RheinEnergie: Grüner leben im Sürther Feld – Innovativ und zukunftssichere Energie im Quartier

Foto: RheinEnergie AG
Foto: RheinEnergie AG
Auf dem Sürther Feld im Kölner Süden entsteht ein Wohngebiet, welches Maßstäbe in Sachen energiesparendes CO2-armes Wohnen setzt. Im zweiten und dritten Bauabschnitt des Siedlungsprojektes entstehen hier 344 Einfamilien- und 13 Mehrfamilienhäuser, von denen zwei als Klimaschutzsiedlung NRW zertifiziert sind.

Innovatives Energiekonzept

Möglich macht dies ein eigens für das Sürther Feld entwickeltes Energiekonzept der RheinEnergie. Ein Bündel aus technischen Innovationen senkt die CO2-Emissionen der Neubauten auf deutlich unter vier Kilogramm pro Quadratmeter Wohnfläche im Jahr. Die avisierten Werte liegen bis zu 60 Prozent unter den für Referenzprojekte festgelegten neun Kilogramm CO2 pro Jahr und Quadratmeter.

Eigenes BHKW vor Ort

„Wir planen ein eigenes, zentrales Blockheizkraftwerk (BHKW), das aus CO2- neutral erzeugtem Biomethan Strom und Wärme produziert“, erklärt Erik Hufer, Projektleiter für das Sürther Feld bei der RheinEnergie.

Grafik: RheinEnergie AG
Grafik: RheinEnergie AG
Während der Strom ins allgemeine Netz eingespeist wird, bleibt die bei der Stromerzeugung entstehende Wärme im Wohngebiet. Sie wird über ein Nahversorgungsnetz in die Häuser geleitet, wo sie für die Heizung sowie zur Warmwasserbereitung zur Verfügung steht. Das ist nicht nur umweltschonend, auch die Bauherren profitieren: Sie müssen für ihre Immobilie keine eigene Wärmeerzeugungsanlage und keinen Schornstein einplanen.

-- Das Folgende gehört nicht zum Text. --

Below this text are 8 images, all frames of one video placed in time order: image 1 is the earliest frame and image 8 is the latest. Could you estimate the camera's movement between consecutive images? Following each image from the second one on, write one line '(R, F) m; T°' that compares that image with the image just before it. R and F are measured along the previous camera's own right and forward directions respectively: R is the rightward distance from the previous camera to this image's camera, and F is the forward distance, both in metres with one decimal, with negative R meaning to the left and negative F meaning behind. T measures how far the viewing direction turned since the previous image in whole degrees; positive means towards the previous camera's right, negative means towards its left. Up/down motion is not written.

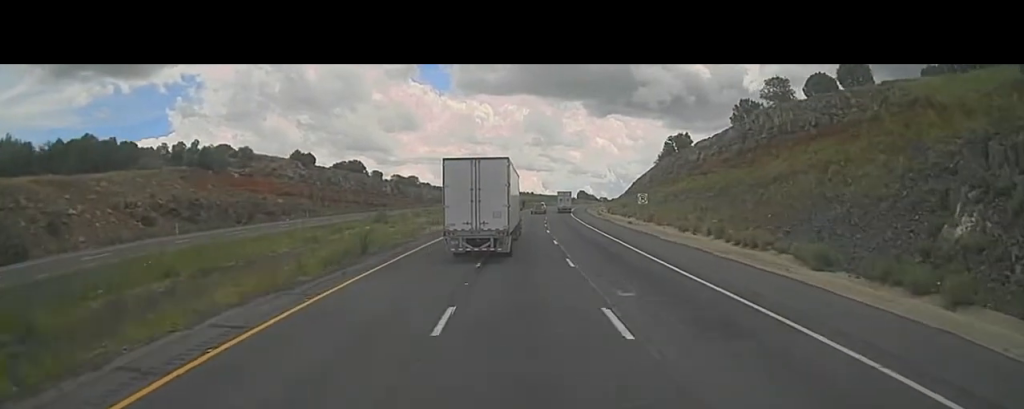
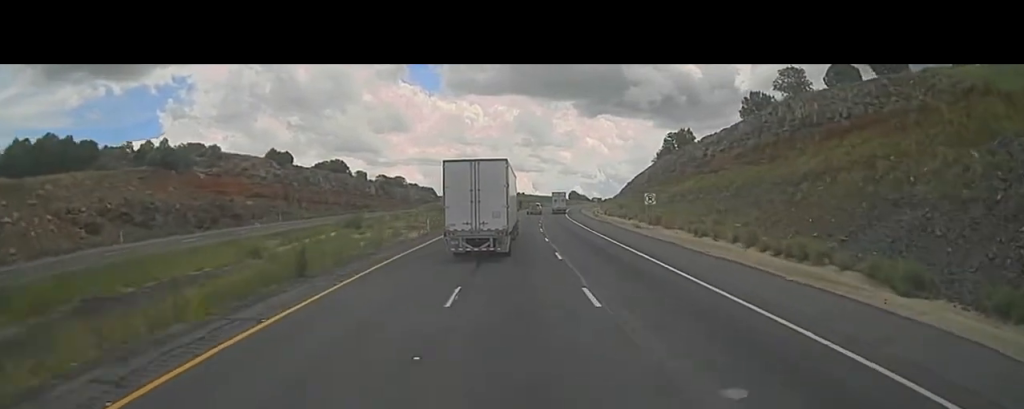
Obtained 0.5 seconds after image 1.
(-0.1, +8.7) m; +1°
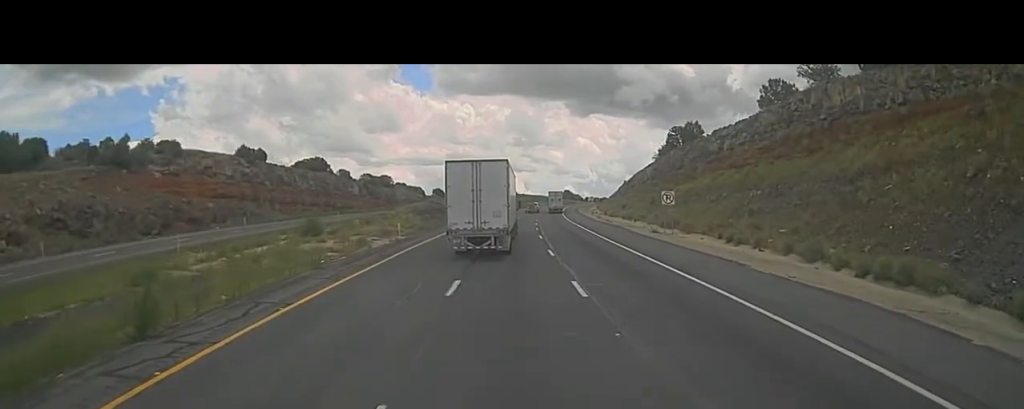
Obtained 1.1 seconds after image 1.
(+0.3, +10.5) m; +1°
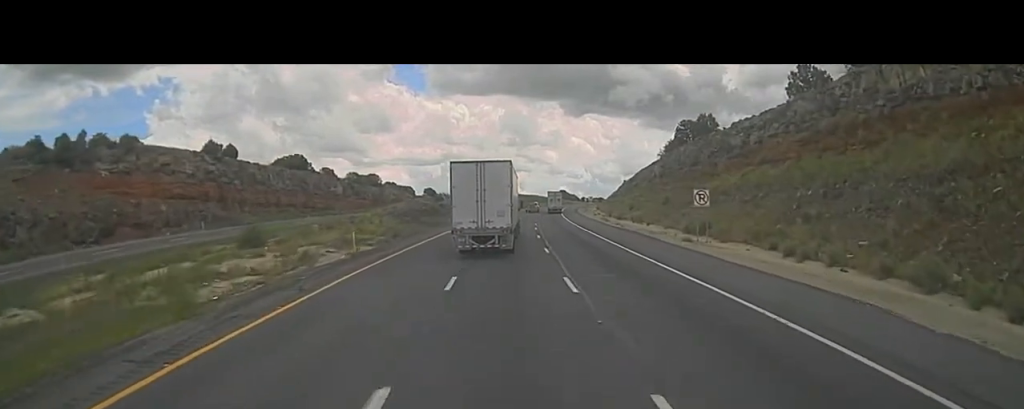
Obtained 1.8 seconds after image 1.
(+0.2, +11.6) m; +1°
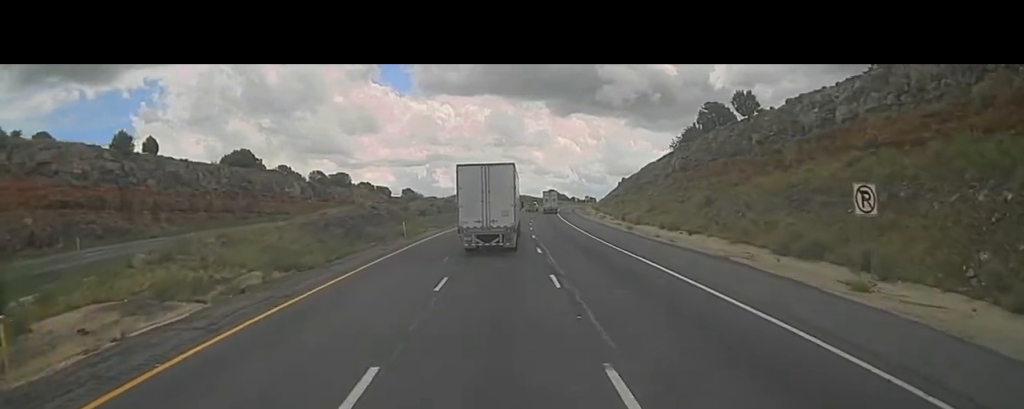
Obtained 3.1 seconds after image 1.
(+0.5, +23.3) m; +1°
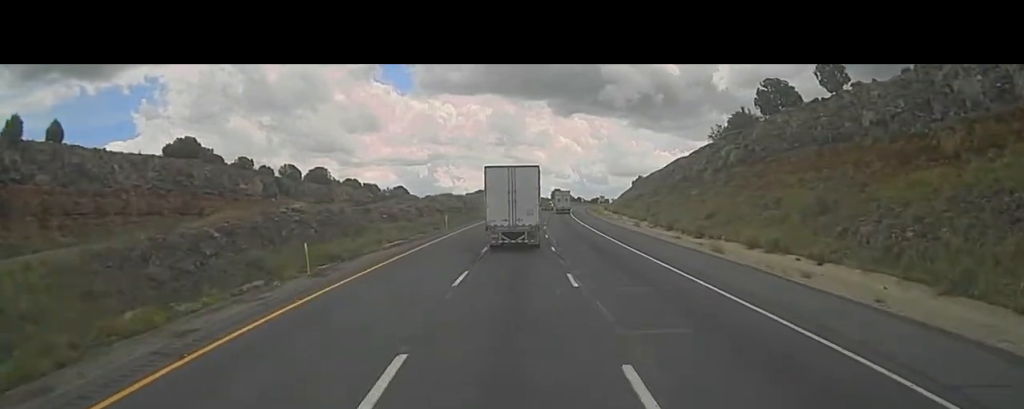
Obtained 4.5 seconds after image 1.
(-0.3, +23.8) m; 0°
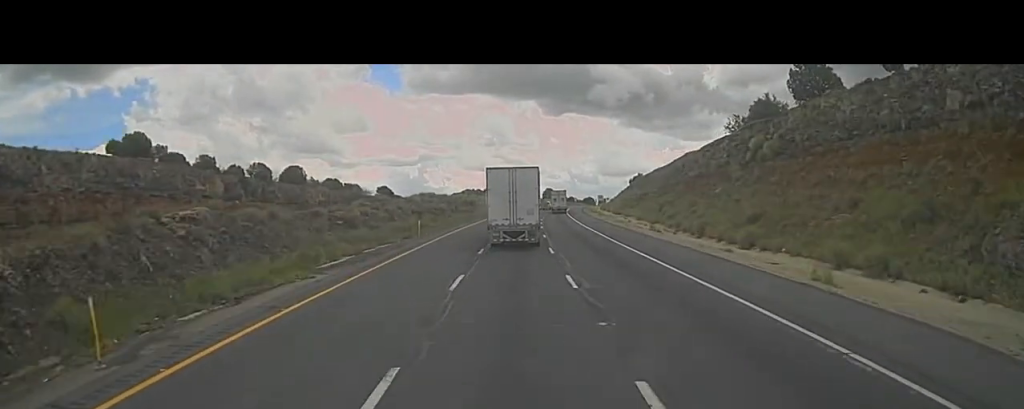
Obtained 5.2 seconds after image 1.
(+0.3, +12.8) m; 0°
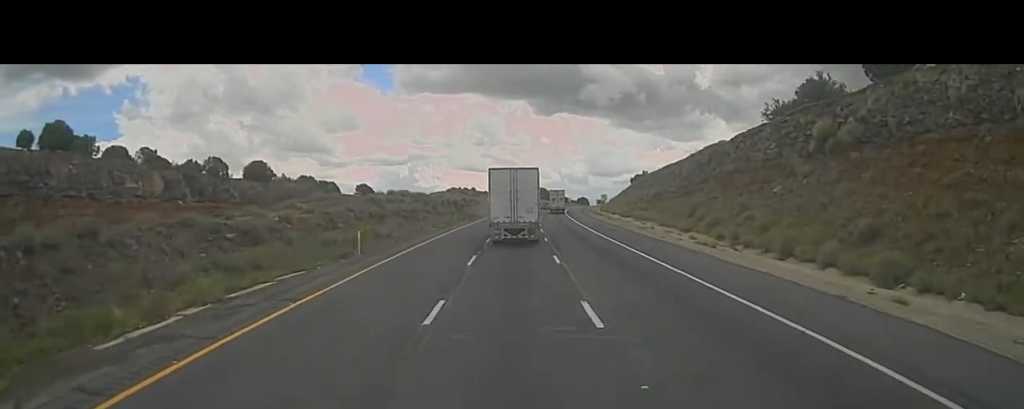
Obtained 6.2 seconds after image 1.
(-0.1, +17.0) m; 0°

Im Vorfeld der Bebauung des Sürther Felds verlegt die RheinEnergie vor Ort rund 3,5 Kilometer Spezialrohre, die das heiße Wasser aus der Heizzentrale in die Häuser leiten.

Rund 70.000 Quadratmeter Wohnfläche werden so mit Wärmeenergie versorgt, ohne das Klima zusätzlich zu belasten. Die klimafreundlich vor Ort erzeugte Energie ist aber nicht der einzige Baustein für die klimaschonende Siedlung im Sürther Feld.

Entsprechend der Energieeinsparverordnung müssen die Bauherren strenge Vorgaben bei der Dämmung ihrer Häuser beachten. Optional kommen auch Smart-Metering-Systeme, die den Energieverbrauch in jedem einzelnen Haushalt dokumentieren, zum Einsatz. So haben die Bewohner ihre Daten und Kosten ständig im Blick und können den Energieverbrauch gegebenenfalls reduzieren.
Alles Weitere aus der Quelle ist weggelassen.